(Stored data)
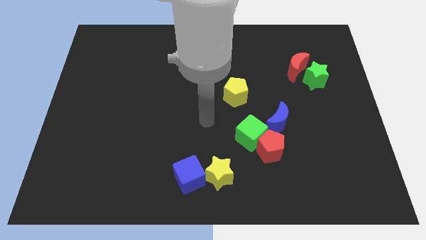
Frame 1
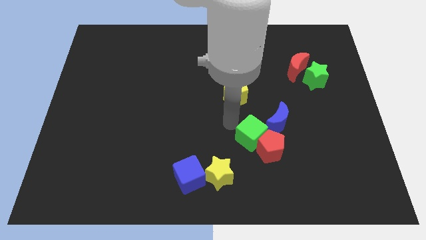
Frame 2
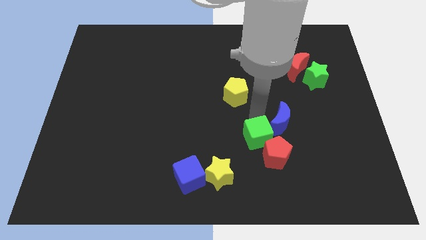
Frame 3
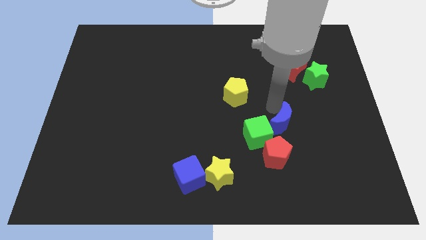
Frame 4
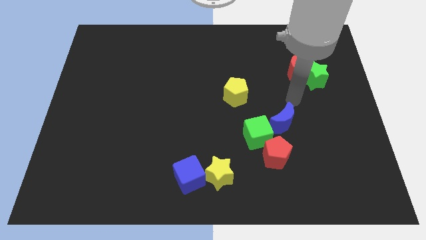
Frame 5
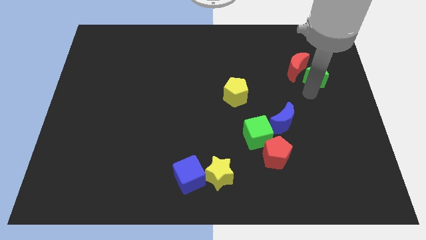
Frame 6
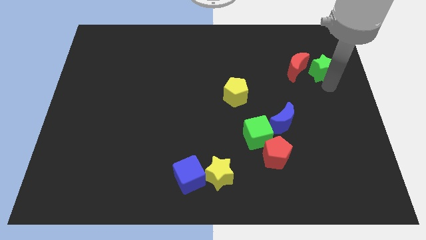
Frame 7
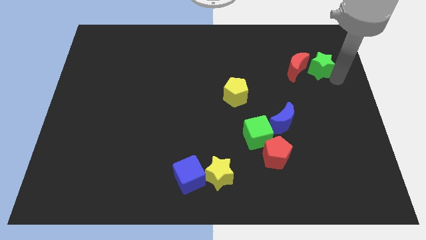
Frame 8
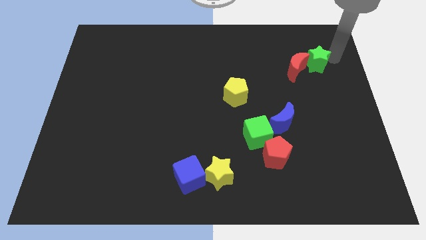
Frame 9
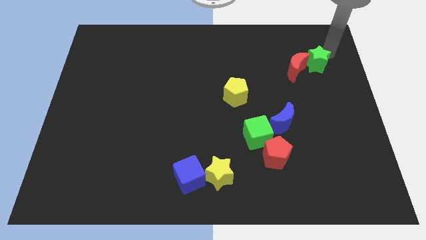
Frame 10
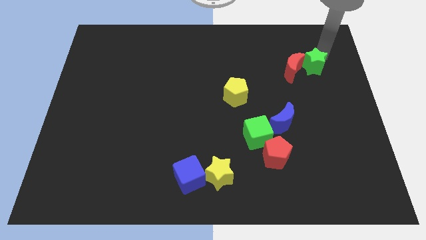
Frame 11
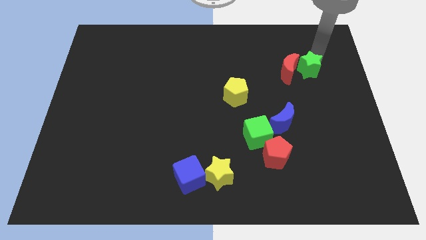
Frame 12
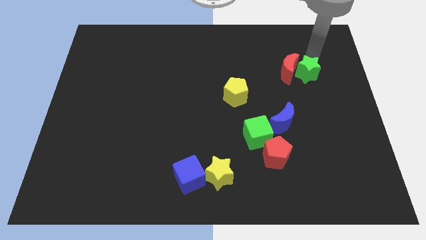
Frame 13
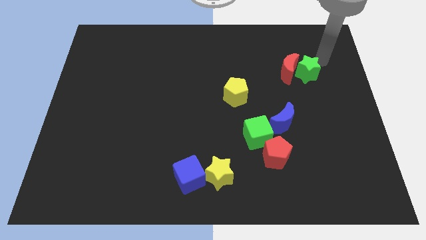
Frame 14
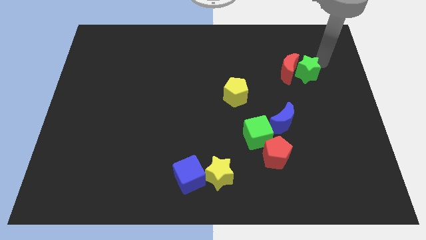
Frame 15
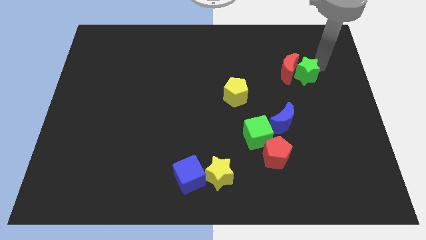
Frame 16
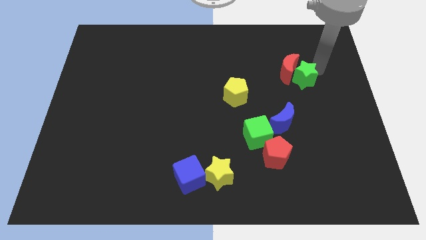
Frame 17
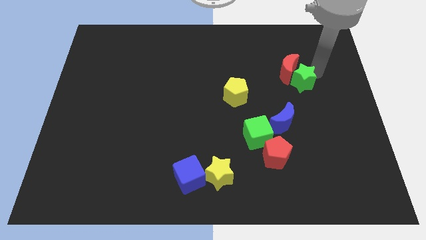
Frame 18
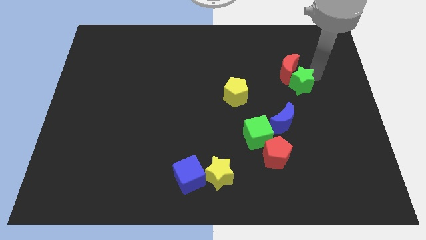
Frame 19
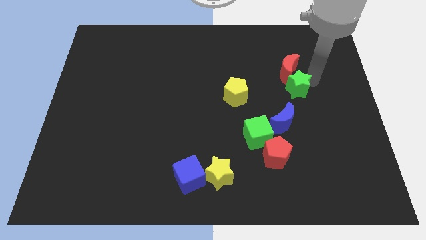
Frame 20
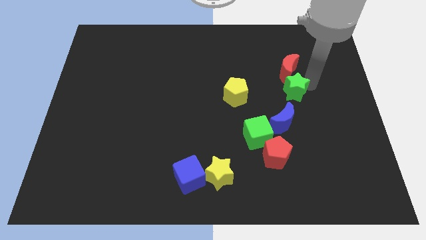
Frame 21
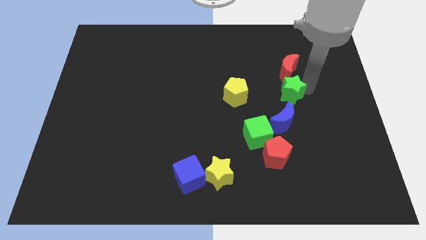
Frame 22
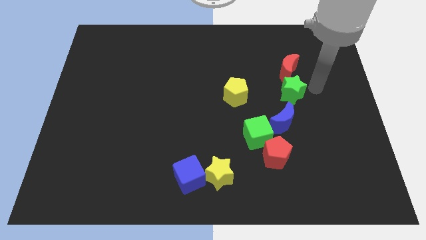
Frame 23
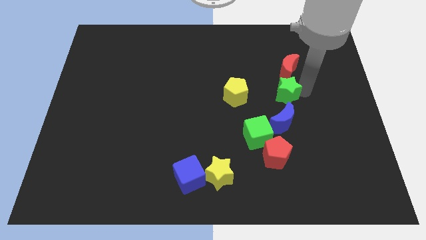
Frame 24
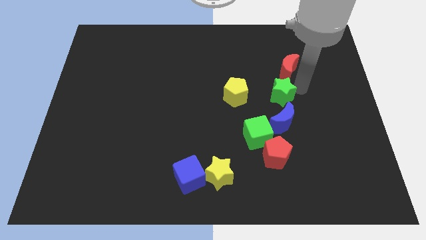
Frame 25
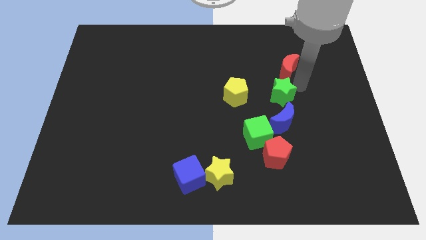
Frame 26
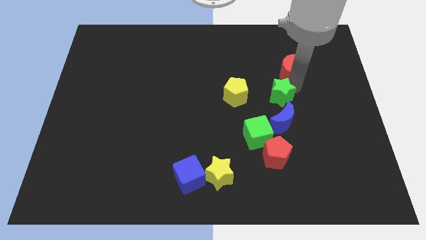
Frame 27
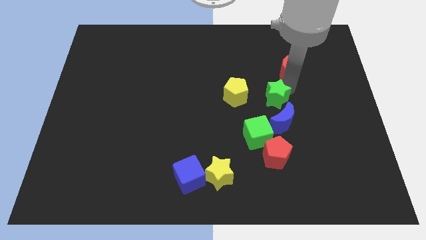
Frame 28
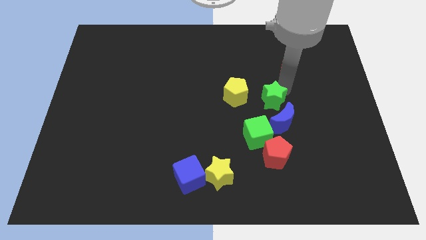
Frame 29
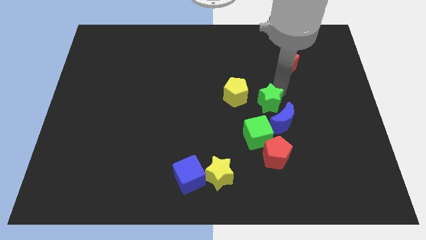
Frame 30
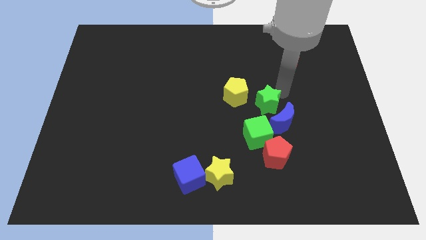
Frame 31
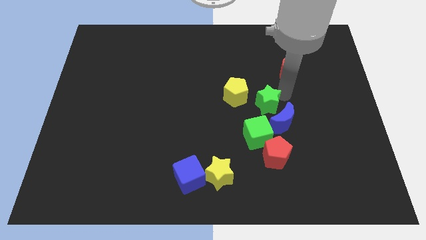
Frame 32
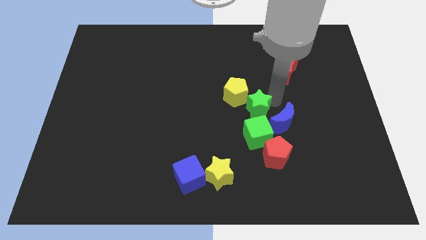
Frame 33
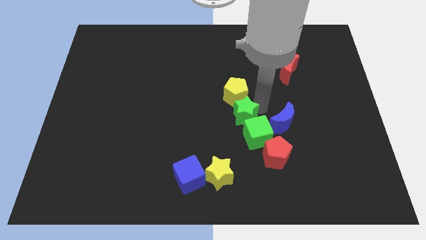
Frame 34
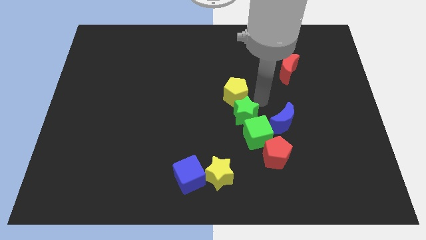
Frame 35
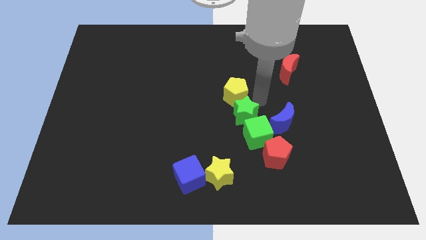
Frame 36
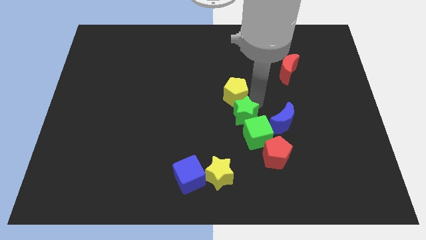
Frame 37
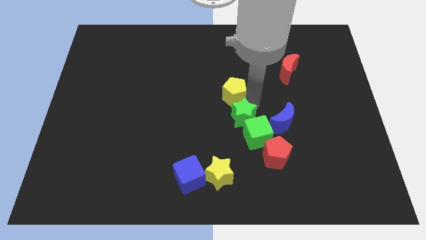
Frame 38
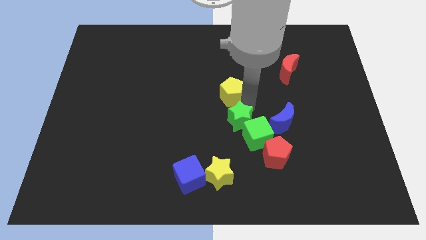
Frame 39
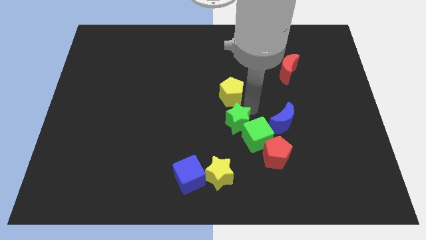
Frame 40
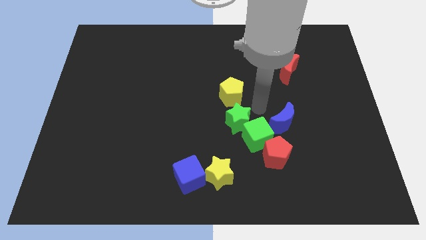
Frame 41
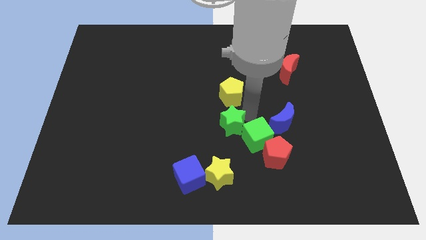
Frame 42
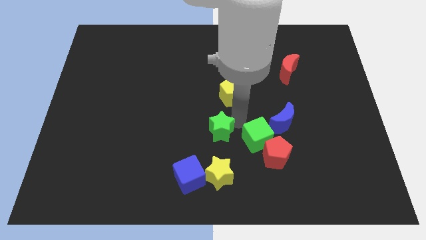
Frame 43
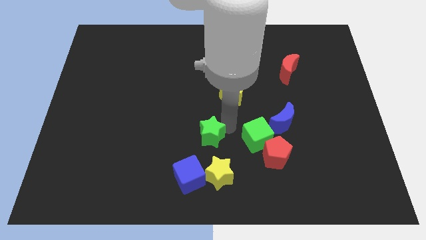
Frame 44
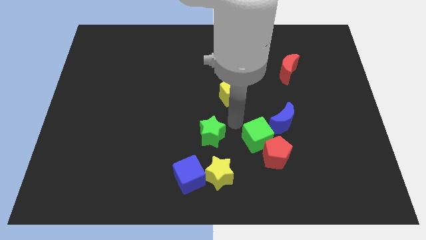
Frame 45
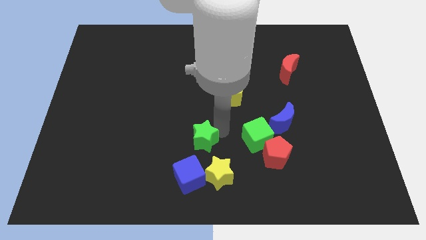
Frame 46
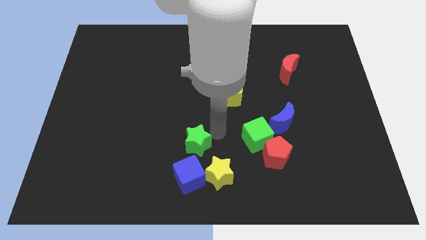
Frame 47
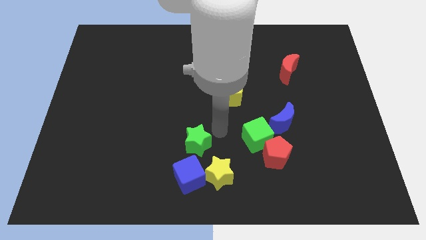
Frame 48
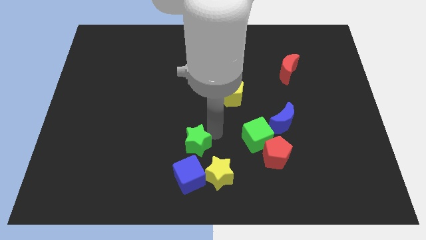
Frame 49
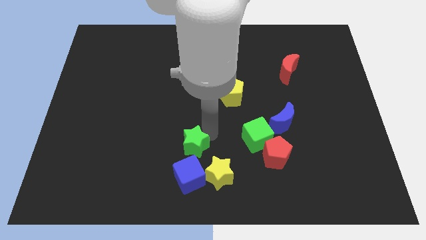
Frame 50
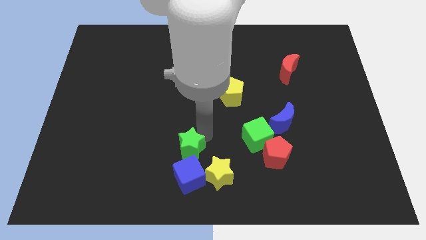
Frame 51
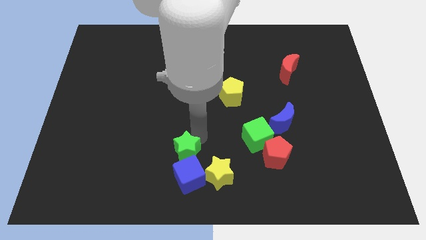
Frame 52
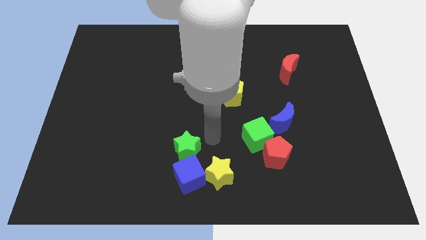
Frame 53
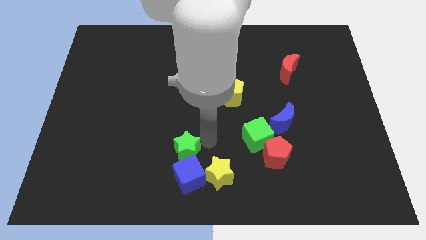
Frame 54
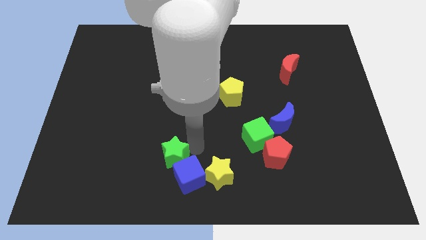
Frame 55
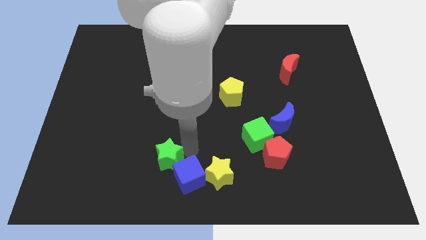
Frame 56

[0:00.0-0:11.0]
put the green star just left of the blue cube

What is expected → Without the pictures, print the records in full, exactly as they appear.

Answer to this exercise →
Frame 1
Frame 2
Frame 3
Frame 4
Frame 5
Frame 6
Frame 7
Frame 8
Frame 9
Frame 10
Frame 11
Frame 12
Frame 13
Frame 14
Frame 15
Frame 16
Frame 17
Frame 18
Frame 19
Frame 20
Frame 21
Frame 22
Frame 23
Frame 24
Frame 25
Frame 26
Frame 27
Frame 28
Frame 29
Frame 30
Frame 31
Frame 32
Frame 33
Frame 34
Frame 35
Frame 36
Frame 37
Frame 38
Frame 39
Frame 40
Frame 41
Frame 42
Frame 43
Frame 44
Frame 45
Frame 46
Frame 47
Frame 48
Frame 49
Frame 50
Frame 51
Frame 52
Frame 53
Frame 54
Frame 55
Frame 56

[0:00.0-0:11.0]
put the green star just left of the blue cube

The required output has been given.